See the puzzle here.

See my full solution here.

Part 1

I think it would be easy to over-complicate part 1, but all I needed to do was look at the "pipe" at the current position and determine which direction to go. I kept track of the previous position so I could determine which way to go next (since we can't go backward).

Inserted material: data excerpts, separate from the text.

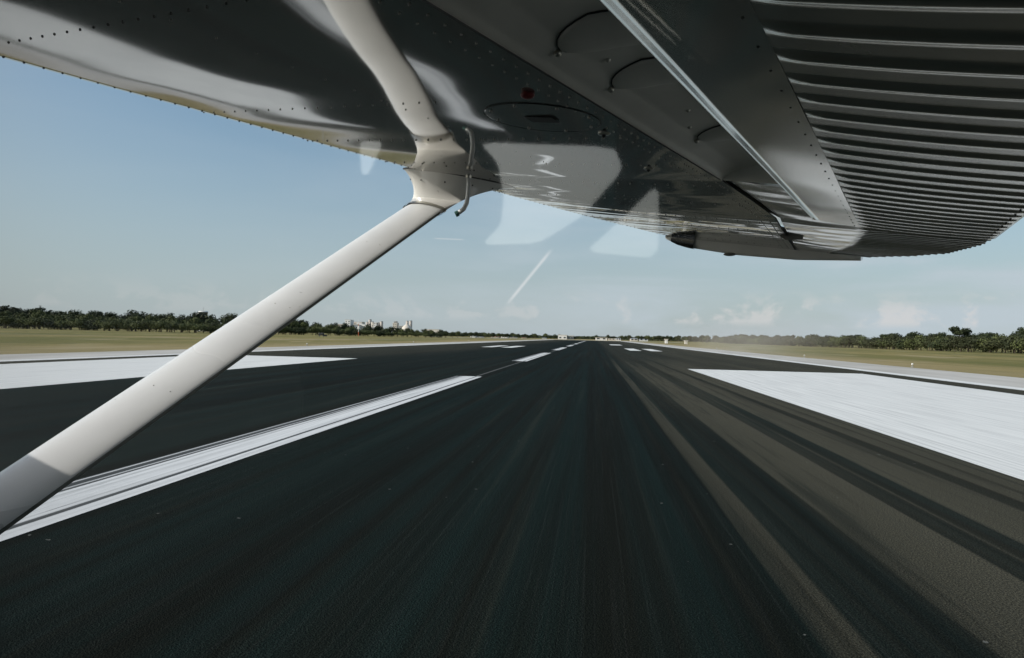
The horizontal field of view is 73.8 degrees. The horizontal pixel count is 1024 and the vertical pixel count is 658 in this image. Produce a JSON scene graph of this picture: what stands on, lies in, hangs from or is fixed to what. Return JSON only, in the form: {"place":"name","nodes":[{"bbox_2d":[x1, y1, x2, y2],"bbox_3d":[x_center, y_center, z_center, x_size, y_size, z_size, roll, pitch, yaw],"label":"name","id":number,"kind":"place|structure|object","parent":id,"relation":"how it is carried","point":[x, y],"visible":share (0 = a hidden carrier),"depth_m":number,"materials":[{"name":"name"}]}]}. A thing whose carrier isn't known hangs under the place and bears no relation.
{"place":"outdoors","nodes":[
{"label":"outdoors","id":0,"kind":"place"},
{"bbox_2d":[0,339,555,359],"bbox_3d":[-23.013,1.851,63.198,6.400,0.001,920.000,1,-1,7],"label":"shoulder","id":1,"kind":"object","parent":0,"point":[61,355],"visible":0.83,"depth_m":46.73},
{"bbox_2d":[300,339,348,339],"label":"perimeter track","id":2,"kind":"structure","parent":0,"point":[324,339],"depth_m":155.55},
{"bbox_2d":[345,320,353,325],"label":"works tower","id":3,"kind":"structure","parent":0,"point":[349,322],"depth_m":1089.91,"materials":[{"name":"beige concrete"}]},
{"bbox_2d":[0,326,1023,377],"bbox_3d":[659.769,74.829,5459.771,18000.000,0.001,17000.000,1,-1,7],"label":"ground","id":4,"kind":"structure","parent":0,"point":[63,340],"depth_m":109.36,"materials":[{"name":"green plant"}]},
{"bbox_2d":[0,305,10,327],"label":"broadleaf tree","id":5,"kind":"object","parent":4,"relation":"on","point":[3,308],"visible":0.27,"depth_m":344.29,"materials":[{"name":"green plant"}]},
{"bbox_2d":[0,310,13,326],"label":"broadleaf tree","id":6,"kind":"object","parent":4,"relation":"on","point":[5,313],"visible":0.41,"depth_m":329.76,"materials":[{"name":"green plant"}]},
{"bbox_2d":[0,314,19,327],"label":"bush","id":7,"kind":"object","parent":4,"relation":"on","point":[3,320],"visible":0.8,"depth_m":318.45,"materials":[{"name":"green plant"}]},
{"bbox_2d":[4,307,22,327],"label":"broadleaf tree","id":8,"kind":"object","parent":4,"relation":"on","point":[13,310],"visible":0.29,"depth_m":341.05,"materials":[{"name":"green plant"}]},
{"bbox_2d":[6,317,23,328],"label":"bush","id":9,"kind":"object","parent":4,"relation":"on","point":[11,320],"visible":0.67,"depth_m":319.34,"materials":[{"name":"green plant"}]},
{"bbox_2d":[13,312,29,328],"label":"broadleaf tree","id":10,"kind":"object","parent":4,"relation":"on","point":[22,315],"visible":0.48,"depth_m":327.11,"materials":[{"name":"green plant"}]},
{"bbox_2d":[8,316,36,328],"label":"bush","id":11,"kind":"object","parent":4,"relation":"on","point":[22,325],"visible":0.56,"depth_m":318.47,"materials":[{"name":"green plant"}]},
{"bbox_2d":[18,316,43,328],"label":"bush","id":12,"kind":"object","parent":4,"relation":"on","point":[27,323],"visible":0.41,"depth_m":317.79,"materials":[{"name":"green plant"}]},
{"bbox_2d":[29,310,45,328],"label":"broadleaf tree","id":13,"kind":"object","parent":4,"relation":"on","point":[39,313],"visible":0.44,"depth_m":325.89,"materials":[{"name":"green plant"}]},
{"bbox_2d":[27,307,52,328],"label":"broadleaf tree","id":14,"kind":"object","parent":4,"relation":"on","point":[42,310],"visible":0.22,"depth_m":337.79,"materials":[{"name":"green plant"}]},
{"bbox_2d":[28,317,54,328],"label":"bush","id":15,"kind":"object","parent":4,"relation":"on","point":[36,321],"visible":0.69,"depth_m":314.94,"materials":[{"name":"green plant"}]},
{"bbox_2d":[34,317,54,328],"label":"bush","id":16,"kind":"object","parent":4,"relation":"on","point":[43,324],"visible":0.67,"depth_m":315.77,"materials":[{"name":"green plant"}]},
{"bbox_2d":[41,318,62,329],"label":"bush","id":17,"kind":"object","parent":4,"relation":"on","point":[50,324],"visible":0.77,"depth_m":314.91,"materials":[{"name":"green plant"}]},
{"bbox_2d":[41,312,72,329],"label":"bush","id":18,"kind":"object","parent":4,"relation":"on","point":[57,317],"visible":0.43,"depth_m":323.13,"materials":[{"name":"green plant"}]},
{"bbox_2d":[56,318,72,329],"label":"bush","id":19,"kind":"object","parent":4,"relation":"on","point":[66,326],"visible":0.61,"depth_m":312.94,"materials":[{"name":"green plant"}]},
{"bbox_2d":[54,318,80,329],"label":"bush","id":20,"kind":"object","parent":4,"relation":"on","point":[65,322],"visible":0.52,"depth_m":311.74,"materials":[{"name":"green plant"}]},
{"bbox_2d":[60,309,81,329],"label":"broadleaf tree","id":21,"kind":"object","parent":4,"relation":"on","point":[70,312],"visible":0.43,"depth_m":330.16,"materials":[{"name":"green plant"}]},
{"bbox_2d":[70,318,92,329],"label":"bush","id":22,"kind":"object","parent":4,"relation":"on","point":[76,323],"visible":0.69,"depth_m":310.03,"materials":[{"name":"green plant"}]},
{"bbox_2d":[77,313,95,319],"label":"broadleaf tree","id":23,"kind":"object","parent":4,"relation":"on","point":[83,316],"visible":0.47,"depth_m":320.12,"materials":[{"name":"green plant"}]},
{"bbox_2d":[80,318,101,329],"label":"bush","id":24,"kind":"object","parent":4,"relation":"on","point":[88,322],"visible":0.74,"depth_m":311.08,"materials":[{"name":"green plant"}]},
{"bbox_2d":[86,310,105,329],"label":"broadleaf tree","id":25,"kind":"object","parent":4,"relation":"on","point":[97,314],"visible":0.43,"depth_m":327.97,"materials":[{"name":"green plant"}]},
{"bbox_2d":[88,320,105,330],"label":"bush","id":26,"kind":"object","parent":4,"relation":"on","point":[96,327],"visible":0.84,"depth_m":311.05,"materials":[{"name":"green plant"}]},
{"bbox_2d":[91,319,112,330],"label":"bush","id":27,"kind":"object","parent":4,"relation":"on","point":[99,322],"visible":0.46,"depth_m":310.40,"materials":[{"name":"green plant"}]},
{"bbox_2d":[95,316,121,330],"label":"bush","id":28,"kind":"object","parent":4,"relation":"on","point":[108,318],"visible":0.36,"depth_m":318.75,"materials":[{"name":"green plant"}]},
{"bbox_2d":[104,312,118,317],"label":"broadleaf tree","id":29,"kind":"object","parent":4,"relation":"on","point":[110,315],"visible":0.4,"depth_m":329.59,"materials":[{"name":"green plant"}]},
{"bbox_2d":[103,318,124,330],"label":"bush","id":30,"kind":"object","parent":4,"relation":"on","point":[116,328],"visible":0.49,"depth_m":309.24,"materials":[{"name":"green plant"}]},
{"bbox_2d":[103,318,125,330],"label":"bush","id":31,"kind":"object","parent":4,"relation":"on","point":[113,322],"visible":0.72,"depth_m":307.67,"materials":[{"name":"green plant"}]},
{"bbox_2d":[117,321,133,330],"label":"bush","id":32,"kind":"object","parent":4,"relation":"on","point":[126,327],"visible":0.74,"depth_m":306.94,"materials":[{"name":"green plant"}]},
{"bbox_2d":[116,318,136,330],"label":"bush","id":33,"kind":"object","parent":4,"relation":"on","point":[126,320],"visible":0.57,"depth_m":309.13,"materials":[{"name":"green plant"}]},
{"bbox_2d":[116,310,147,330],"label":"broadleaf tree","id":34,"kind":"object","parent":4,"relation":"on","point":[127,315],"visible":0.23,"depth_m":331.67,"materials":[{"name":"green plant"}]},
{"bbox_2d":[128,315,140,330],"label":"broadleaf tree","id":35,"kind":"object","parent":4,"relation":"on","point":[136,317],"visible":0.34,"depth_m":317.13,"materials":[{"name":"green plant"}]},
{"bbox_2d":[125,313,145,319],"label":"broadleaf tree","id":36,"kind":"object","parent":4,"relation":"on","point":[134,314],"visible":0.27,"depth_m":326.30,"materials":[{"name":"green plant"}]},
{"bbox_2d":[131,320,150,331],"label":"bush","id":37,"kind":"object","parent":4,"relation":"on","point":[137,325],"visible":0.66,"depth_m":304.61,"materials":[{"name":"green plant"}]},
{"bbox_2d":[130,319,151,330],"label":"bush","id":38,"kind":"object","parent":4,"relation":"on","point":[141,325],"visible":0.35,"depth_m":307.41,"materials":[{"name":"green plant"}]},
{"bbox_2d":[131,318,159,331],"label":"bush","id":39,"kind":"object","parent":4,"relation":"on","point":[147,324],"visible":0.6,"depth_m":305.39,"materials":[{"name":"green plant"}]},
{"bbox_2d":[145,314,158,322],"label":"broadleaf tree","id":40,"kind":"object","parent":4,"relation":"on","point":[148,317],"visible":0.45,"depth_m":314.79,"materials":[{"name":"green plant"}]},
{"bbox_2d":[149,321,167,331],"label":"bush","id":41,"kind":"object","parent":4,"relation":"on","point":[158,325],"visible":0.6,"depth_m":304.10,"materials":[{"name":"green plant"}]},
{"bbox_2d":[154,319,177,331],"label":"bush","id":42,"kind":"object","parent":4,"relation":"on","point":[164,322],"visible":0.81,"depth_m":303.67,"materials":[{"name":"green plant"}]},
{"bbox_2d":[158,313,176,331],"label":"broadleaf tree","id":43,"kind":"object","parent":4,"relation":"on","point":[167,316],"visible":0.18,"depth_m":324.39,"materials":[{"name":"green plant"}]},
{"bbox_2d":[162,322,181,331],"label":"bush","id":44,"kind":"object","parent":4,"relation":"on","point":[174,328],"visible":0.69,"depth_m":303.24,"materials":[{"name":"green plant"}]},
{"bbox_2d":[164,315,180,330],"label":"broadleaf tree","id":45,"kind":"object","parent":4,"relation":"on","point":[170,317],"visible":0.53,"depth_m":312.89,"materials":[{"name":"green plant"}]},
{"bbox_2d":[171,322,189,330],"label":"bush","id":46,"kind":"object","parent":4,"relation":"on","point":[179,327],"visible":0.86,"depth_m":303.45,"materials":[{"name":"green plant"}]},
{"bbox_2d":[170,318,192,332],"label":"bush","id":47,"kind":"object","parent":4,"relation":"on","point":[182,322],"visible":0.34,"depth_m":312.58,"materials":[{"name":"green plant"}]},
{"bbox_2d":[187,317,202,324],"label":"broadleaf tree","id":48,"kind":"object","parent":4,"relation":"on","point":[194,320],"visible":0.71,"depth_m":312.25,"materials":[{"name":"green plant"}]},
{"bbox_2d":[185,312,205,332],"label":"broadleaf tree","id":49,"kind":"object","parent":4,"relation":"on","point":[196,314],"visible":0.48,"depth_m":320.72,"materials":[{"name":"green plant"}]},
{"bbox_2d":[186,323,204,332],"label":"bush","id":50,"kind":"object","parent":4,"relation":"on","point":[199,326],"visible":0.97,"depth_m":300.89,"materials":[{"name":"green plant"}]},
{"bbox_2d":[193,323,212,332],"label":"bush","id":51,"kind":"object","parent":4,"relation":"on","point":[206,326],"visible":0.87,"depth_m":304.13,"materials":[{"name":"green plant"}]},
{"bbox_2d":[202,314,220,323],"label":"broadleaf tree","id":52,"kind":"object","parent":4,"relation":"on","point":[212,317],"visible":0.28,"depth_m":322.85,"materials":[{"name":"green plant"}]},
{"bbox_2d":[205,322,219,332],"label":"bush","id":53,"kind":"object","parent":4,"relation":"on","point":[212,330],"visible":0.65,"depth_m":305.73,"materials":[{"name":"green plant"}]},
{"bbox_2d":[205,322,224,329],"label":"bush","id":54,"kind":"object","parent":4,"relation":"on","point":[217,327],"visible":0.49,"depth_m":306.82,"materials":[{"name":"green plant"}]},
{"bbox_2d":[218,313,237,324],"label":"broadleaf tree","id":55,"kind":"object","parent":4,"relation":"on","point":[229,317],"visible":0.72,"depth_m":320.07,"materials":[{"name":"green plant"}]},
{"bbox_2d":[287,322,300,334],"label":"broadleaf tree","id":56,"kind":"object","parent":4,"relation":"on","point":[296,324],"visible":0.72,"depth_m":338.74,"materials":[{"name":"green plant"}]},
{"bbox_2d":[290,326,304,334],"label":"bush","id":57,"kind":"object","parent":4,"relation":"on","point":[297,330],"visible":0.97,"depth_m":332.90,"materials":[{"name":"green plant"}]},
{"bbox_2d":[305,327,319,334],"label":"bush","id":58,"kind":"object","parent":4,"relation":"on","point":[312,331],"visible":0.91,"depth_m":337.16,"materials":[{"name":"green plant"}]},
{"bbox_2d":[314,327,329,332],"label":"bush","id":59,"kind":"object","parent":4,"relation":"on","point":[325,328],"visible":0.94,"depth_m":337.99,"materials":[{"name":"green plant"}]},
{"bbox_2d":[326,328,337,335],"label":"bush","id":60,"kind":"object","parent":4,"relation":"on","point":[332,330],"visible":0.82,"depth_m":341.92,"materials":[{"name":"green plant"}]},
{"bbox_2d":[373,325,382,335],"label":"broadleaf tree","id":61,"kind":"object","parent":4,"relation":"on","point":[378,328],"visible":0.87,"depth_m":367.64,"materials":[{"name":"green plant"}]},
{"bbox_2d":[0,340,1023,657],"bbox_3d":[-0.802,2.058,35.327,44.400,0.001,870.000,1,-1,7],"label":"runway","id":62,"kind":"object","parent":4,"relation":"on","point":[584,498],"visible":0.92,"depth_m":6.09,"materials":[{"name":"black asphalt"}]},
{"bbox_2d":[0,355,356,388],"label":"aiming point marking","id":63,"kind":"object","parent":62,"relation":"on","point":[16,375],"visible":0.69,"depth_m":27.57,"materials":[{"name":"paint"}]},
{"bbox_2d":[0,376,478,540],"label":"centreline dash","id":64,"kind":"object","parent":62,"relation":"on","point":[84,495],"visible":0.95,"depth_m":8.66,"materials":[{"name":"paint"}]},
{"bbox_2d":[0,340,534,361],"bbox_3d":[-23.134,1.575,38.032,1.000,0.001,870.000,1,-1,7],"label":"edge line","id":65,"kind":"object","parent":62,"relation":"on","point":[179,354],"visible":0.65,"depth_m":41.84,"materials":[{"name":"paint"}]},
{"bbox_2d":[0,0,1023,534],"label":"light aircraft","id":66,"kind":"object","parent":62,"relation":"on","point":[846,130],"visible":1,"depth_m":1.14,"materials":[{"name":"white paint"}]},
{"bbox_2d":[513,353,549,360],"bbox_3d":[2.078,2.384,60.159,1.080,0.001,26.600,1,-1,7],"label":"centreline dash","id":67,"kind":"object","parent":62,"relation":"on","point":[528,358],"visible":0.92,"depth_m":55.78,"materials":[{"name":"paint"}]},
{"bbox_2d":[622,341,1023,389],"bbox_3d":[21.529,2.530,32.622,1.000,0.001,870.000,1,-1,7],"label":"edge line","id":68,"kind":"object","parent":62,"relation":"on","point":[999,386],"visible":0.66,"depth_m":39.36,"materials":[{"name":"paint"}]},
{"bbox_2d":[689,369,1023,479],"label":"aiming point marking","id":69,"kind":"object","parent":62,"relation":"on","point":[983,428],"visible":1,"depth_m":18.48,"materials":[{"name":"paint"}]},
{"bbox_2d":[76,327,1016,348],"bbox_3d":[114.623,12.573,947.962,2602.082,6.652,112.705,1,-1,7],"label":"woodland","id":70,"kind":"object","parent":4,"relation":"on","point":[591,337],"visible":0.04,"depth_m":907.31,"materials":[{"name":"green plant"}]},
{"bbox_2d":[801,337,821,346],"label":"bush","id":71,"kind":"object","parent":4,"relation":"on","point":[810,342],"visible":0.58,"depth_m":320.64,"materials":[{"name":"green plant"}]},
{"bbox_2d":[812,337,826,346],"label":"bush","id":72,"kind":"object","parent":4,"relation":"on","point":[815,341],"visible":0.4,"depth_m":315.92,"materials":[{"name":"green plant"}]},
{"bbox_2d":[817,338,828,346],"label":"bush","id":73,"kind":"object","parent":4,"relation":"on","point":[820,343],"visible":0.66,"depth_m":309.35,"materials":[{"name":"green plant"}]},
{"bbox_2d":[835,337,852,347],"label":"bush","id":74,"kind":"object","parent":4,"relation":"on","point":[839,340],"visible":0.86,"depth_m":289.53,"materials":[{"name":"green plant"}]},
{"bbox_2d":[843,336,853,344],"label":"broadleaf tree","id":75,"kind":"object","parent":4,"relation":"on","point":[845,339],"visible":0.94,"depth_m":286.98,"materials":[{"name":"green plant"}]},
{"bbox_2d":[852,337,873,347],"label":"bush","id":76,"kind":"object","parent":4,"relation":"on","point":[858,342],"visible":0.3,"depth_m":279.75,"materials":[{"name":"green plant"}]},
{"bbox_2d":[859,337,877,348],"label":"bush","id":77,"kind":"object","parent":4,"relation":"on","point":[866,340],"visible":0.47,"depth_m":270.32,"materials":[{"name":"green plant"}]},
{"bbox_2d":[868,336,889,348],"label":"bush","id":78,"kind":"object","parent":4,"relation":"on","point":[884,339],"visible":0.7,"depth_m":264.62,"materials":[{"name":"green plant"}]},
{"bbox_2d":[877,338,887,348],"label":"bush","id":79,"kind":"object","parent":4,"relation":"on","point":[882,342],"visible":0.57,"depth_m":262.44,"materials":[{"name":"green plant"}]},
{"bbox_2d":[885,339,901,349],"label":"bush","id":80,"kind":"object","parent":4,"relation":"on","point":[887,344],"visible":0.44,"depth_m":257.02,"materials":[{"name":"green plant"}]},
{"bbox_2d":[887,334,901,348],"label":"broadleaf tree","id":81,"kind":"object","parent":4,"relation":"on","point":[891,338],"visible":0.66,"depth_m":258.69,"materials":[{"name":"green plant"}]},
{"bbox_2d":[889,338,910,349],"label":"bush","id":82,"kind":"object","parent":4,"relation":"on","point":[896,342],"visible":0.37,"depth_m":254.73,"materials":[{"name":"green plant"}]},
{"bbox_2d":[895,337,916,349],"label":"bush","id":83,"kind":"object","parent":4,"relation":"on","point":[900,346],"visible":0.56,"depth_m":250.74,"materials":[{"name":"green plant"}]},
{"bbox_2d":[900,337,925,349],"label":"bush","id":84,"kind":"object","parent":4,"relation":"on","point":[909,341],"visible":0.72,"depth_m":246.25,"materials":[{"name":"green plant"}]},
{"bbox_2d":[904,331,923,349],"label":"broadleaf tree","id":85,"kind":"object","parent":4,"relation":"on","point":[916,333],"visible":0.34,"depth_m":261.03,"materials":[{"name":"green plant"}]},
{"bbox_2d":[918,338,943,350],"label":"bush","id":86,"kind":"object","parent":4,"relation":"on","point":[923,342],"visible":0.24,"depth_m":238.84,"materials":[{"name":"green plant"}]},
{"bbox_2d":[932,333,945,350],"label":"broadleaf tree","id":87,"kind":"object","parent":4,"relation":"on","point":[940,335],"visible":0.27,"depth_m":239.15,"materials":[{"name":"green plant"}]},
{"bbox_2d":[927,336,956,350],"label":"bush","id":88,"kind":"object","parent":4,"relation":"on","point":[937,347],"visible":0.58,"depth_m":230.77,"materials":[{"name":"green plant"}]},
{"bbox_2d":[931,337,953,350],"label":"bush","id":89,"kind":"object","parent":4,"relation":"on","point":[939,341],"visible":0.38,"depth_m":232.84,"materials":[{"name":"green plant"}]},
{"bbox_2d":[937,336,965,350],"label":"bush","id":90,"kind":"object","parent":4,"relation":"on","point":[952,343],"visible":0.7,"depth_m":226.43,"materials":[{"name":"green plant"}]},
{"bbox_2d":[952,337,962,351],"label":"broadleaf tree","id":91,"kind":"object","parent":4,"relation":"on","point":[958,339],"visible":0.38,"depth_m":224.95,"materials":[{"name":"green plant"}]},
{"bbox_2d":[948,326,971,351],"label":"umbrella tree","id":92,"kind":"object","parent":4,"relation":"on","point":[956,330],"visible":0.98,"depth_m":225.85,"materials":[{"name":"green plant"}]},
{"bbox_2d":[959,336,973,351],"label":"broadleaf tree","id":93,"kind":"object","parent":4,"relation":"on","point":[965,339],"visible":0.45,"depth_m":222.36,"materials":[{"name":"green plant"}]},
{"bbox_2d":[953,339,980,351],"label":"bush","id":94,"kind":"object","parent":4,"relation":"on","point":[967,345],"visible":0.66,"depth_m":219.83,"materials":[{"name":"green plant"}]},
{"bbox_2d":[976,333,995,341],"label":"broadleaf tree","id":95,"kind":"object","parent":4,"relation":"on","point":[985,334],"visible":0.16,"depth_m":219.39,"materials":[{"name":"green plant"}]},
{"bbox_2d":[968,335,1007,352],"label":"bush","id":96,"kind":"object","parent":4,"relation":"on","point":[973,340],"visible":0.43,"depth_m":214.60,"materials":[{"name":"green plant"}]},
{"bbox_2d":[976,335,1009,352],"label":"bush","id":97,"kind":"object","parent":4,"relation":"on","point":[984,338],"visible":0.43,"depth_m":211.67,"materials":[{"name":"green plant"}]},
{"bbox_2d":[980,335,1015,352],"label":"bush","id":98,"kind":"object","parent":4,"relation":"on","point":[995,341],"visible":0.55,"depth_m":208.18,"materials":[{"name":"green plant"}]},
{"bbox_2d":[1000,337,1023,353],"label":"bush","id":99,"kind":"object","parent":4,"relation":"on","point":[1007,346],"visible":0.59,"depth_m":202.75,"materials":[{"name":"green plant"}]},
{"bbox_2d":[1007,335,1023,351],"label":"bush","id":100,"kind":"object","parent":4,"relation":"on","point":[1013,338],"visible":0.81,"depth_m":200.31,"materials":[{"name":"green plant"}]},
{"bbox_2d":[1008,338,1023,349],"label":"bush","id":101,"kind":"object","parent":4,"relation":"on","point":[1019,345],"visible":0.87,"depth_m":199.35,"materials":[{"name":"green plant"}]},
{"bbox_2d":[1009,327,1023,336],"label":"broadleaf tree","id":102,"kind":"object","parent":4,"relation":"on","point":[1021,330],"visible":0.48,"depth_m":210.01,"materials":[{"name":"green plant"}]},
{"bbox_2d":[0,57,1023,338],"label":"sky","id":103,"kind":"structure","parent":0,"point":[112,200],"materials":[{"name":"blue"}]},
{"bbox_2d":[623,341,1023,387],"bbox_3d":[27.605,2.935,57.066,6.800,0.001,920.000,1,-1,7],"label":"shoulder","id":104,"kind":"object","parent":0,"point":[992,379],"visible":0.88,"depth_m":46.92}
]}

if(pipe === 'F' && (previousPos === undefined || previousPos.row === currentPos.row)) {
 // Go down
 currentPos.row++;
} else if(pipe === 'F') {
 // Go right
 currentPos.col++;
} else if(pipe === '|' && (previousPos === undefined || previousPos.row === currentPos.row - 1)) {
 // Go down
 currentPos.row++;
} else if (pipe === '|') {
 // Go up
 currentPos.row--;
} else if(pipe === '7' && (previousPos === undefined || previousPos.row === currentPos.row)) {
 // Go down
 currentPos.row++;
} else if(pipe === '7') {
 // Go left
 currentPos.col--;
} else if(pipe === 'L' && (previousPos === undefined || previousPos.row === currentPos.row)) {
 // Go up
 currentPos.row--;
} else if(pipe === 'L') {
 // Go right
 currentPos.col++;
} else if(pipe === 'J' && (previousPos === undefined || previousPos.row === currentPos.row)) {
 // Go up
 currentPos.row--;
} else if(pipe === 'J') {
 // Go left
 currentPos.col--;
} else if(pipe === '-' && (previousPos === undefined || previousPos.col === currentPos.col - 1)) {
 // Go right
 currentPos.col++;
} else if (pipe === '-') {
 // Go left
 currentPos.col--;
}

Every time you take a step, you increment a counter, and then the answer at the end is this distance divided by 2, since halfway through the loop is always the farthest point.

Part 2

In short, part 2 was insane.

In this part of the challenge, we had to find how many squares are "inside" of the main loop of pipe. Even more challenging: spaces that are between adjacent/parallel pipes are considered "outside" the loop.

I feel like there might be a lot of creative solutions for this problem, but what I landed on was "blowing up" the pipe map so that the tight spaces between parallel pipes were actual squares that could be considered part of any traversing algorithm. Any square I added this way I marked with an X (unless it was an extension of a pipe) so that it wouldn't be counted at the end.

I surrounded the map with O's, indicating "outside" and then I alternated between starting from the top or starting from the bottom and turned .'s into O's as I found they were adjacent. I kept looping this way until the count of inside spaces stopped changing.